IEEE Trans Cybern. 2023 Jul;53(7):4292-4305. doi: 10.1109/TCYB.2022.3165074. Epub 2023 Jun 15.
An efficient energy scheduling strategy of a charging station is crucial for stabilizing the electricity market and accommodating the charging demand of electric vehicles (EVs). Most of the existing studies on energy scheduling strategies fail to coordinate the process of energy purchasing and distribution and, thus, cannot balance the energy supply and demand. Besides, the existence of multiple charging stations in a complex scenario makes it difficult to develop a unified schedule strategy for different charging stations.
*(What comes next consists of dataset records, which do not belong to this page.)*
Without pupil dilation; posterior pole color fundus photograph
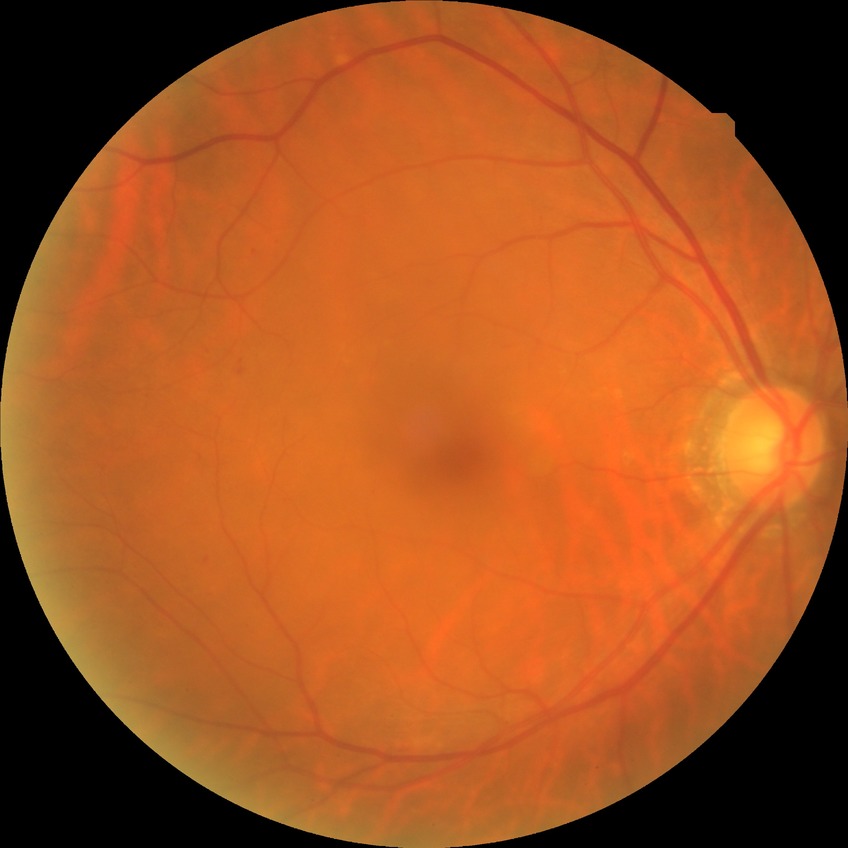

diabetic retinopathy (DR) = NDR (no diabetic retinopathy).
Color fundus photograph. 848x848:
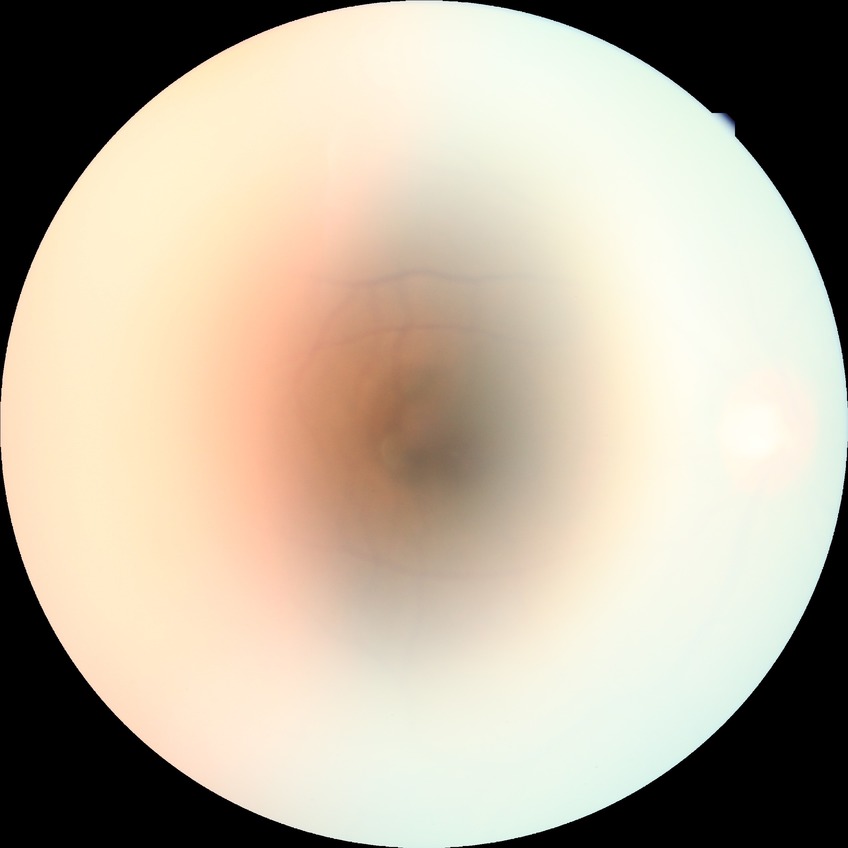 Diabetic retinopathy (DR) is simple diabetic retinopathy (SDR).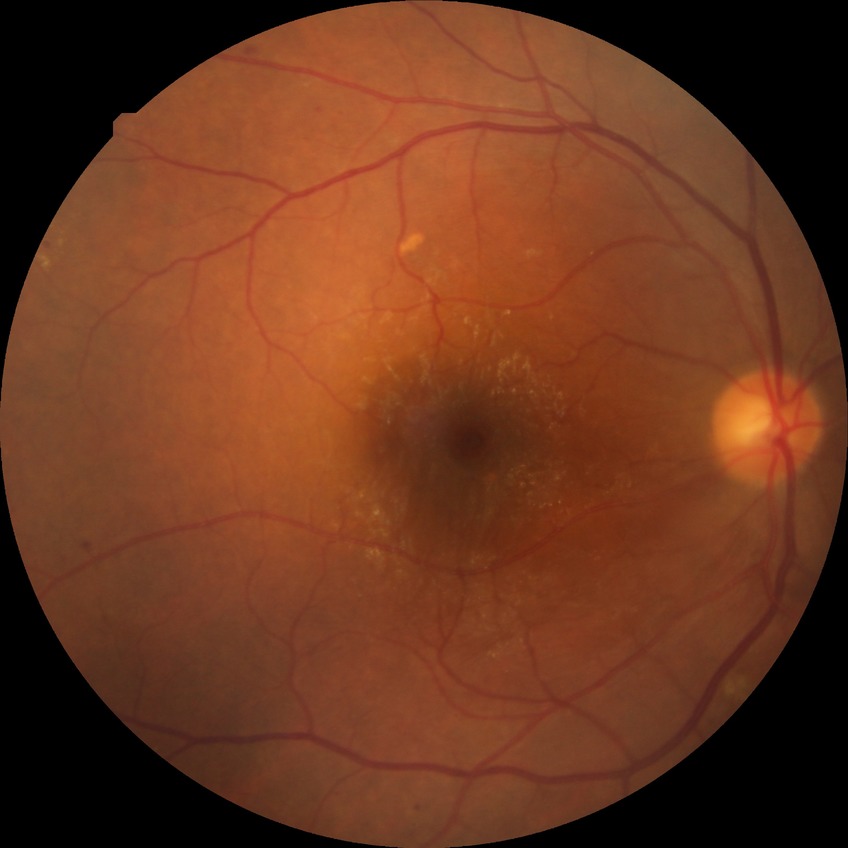

Diabetic retinopathy (DR) is simple diabetic retinopathy (SDR).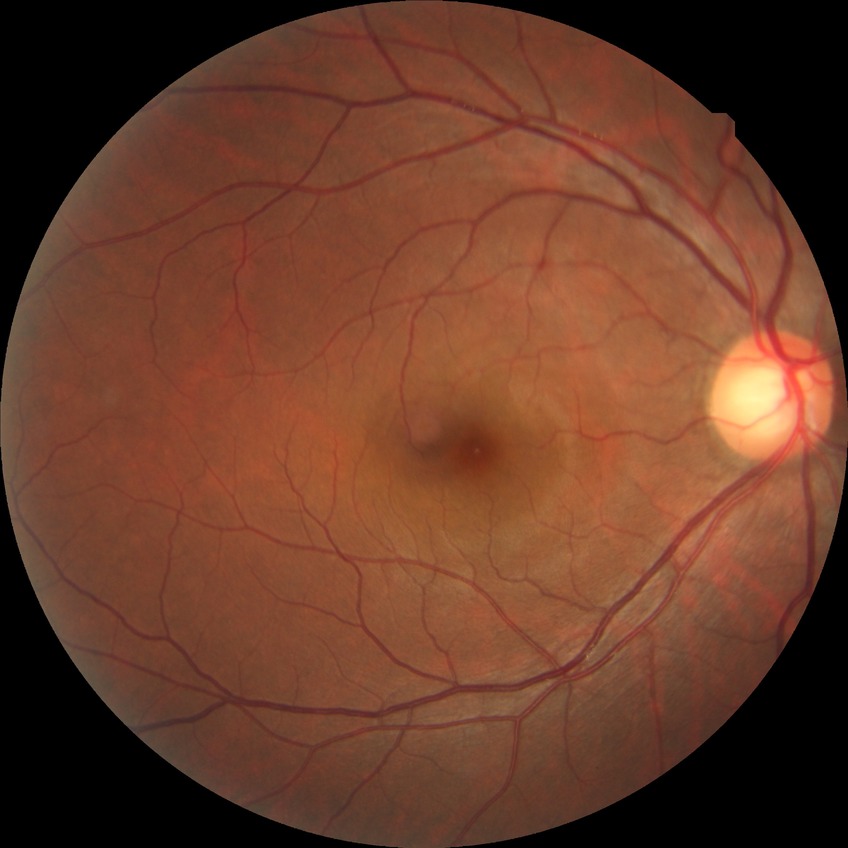
Davis DR grade: NDR.

In order to solve these problems, we propose a multiagent reinforcement learning (MARL) method to learn the optimal energy purchasing strategy and an online heuristic dispatching scheme to develop a energy distribution strategy in this article. Unlike the traditional scheduling methods, the two proposed strategies are coordinated with each other in both temporal and spatial dimensions to develop the unified energy scheduling strategy for charging stations. Specifically, the proposed MARL method combines the multiagent deep deterministic policy gradient (MADDPG) principles for learning purchasing strategy and a long short-term memory (LSTM) neural network for predicting the charging demand of EVs. Moreover, a multistep reward function is developed to accelerate the learning process. The proposed method is verified by comprehensive simulation experiments based on real data of the electricity market in Chicago. The experiment results show that the proposed method can achieve better performance than other state-of-the-art energy scheduling methods in the charging market in terms of the economic profits and users' satisfaction ratio.
一种高效的充电站能源调度策略对于稳定电力市场和适应电动汽车(EV)的充电需求至关重要。大多数现有的能源调度策略研究未能协调能源购买和分配过程,因此无法平衡能源供需。此外,在复杂场景中存在多个充电站,使得为不同的充电站制定统一的调度策略变得困难。为了解决这些问题,我们提出了一种多智能体强化学习(MARL)方法来学习最优的能源购买策略,并提出了一种在线启发式调度方案来制定能源分配策略。与传统的调度方法不同,这两种提出的策略在时间和空间维度上相互协调,以制定充电站的统一能源调度策略。具体来说,所提出的 MARL 方法结合了多智能体深度确定性策略梯度(MADDPG)原理来学习购买策略和长短期记忆(LSTM)神经网络来预测电动汽车的充电需求。此外,还开发了一个多步奖励函数来加速学习过程。所提出的方法通过基于芝加哥电力市场实际数据的综合仿真实验得到了验证。实验结果表明,在所提出的充电市场中,与其他最先进的能源调度方法相比,所提出的方法在经济利润和用户满意度方面都能取得更好的性能。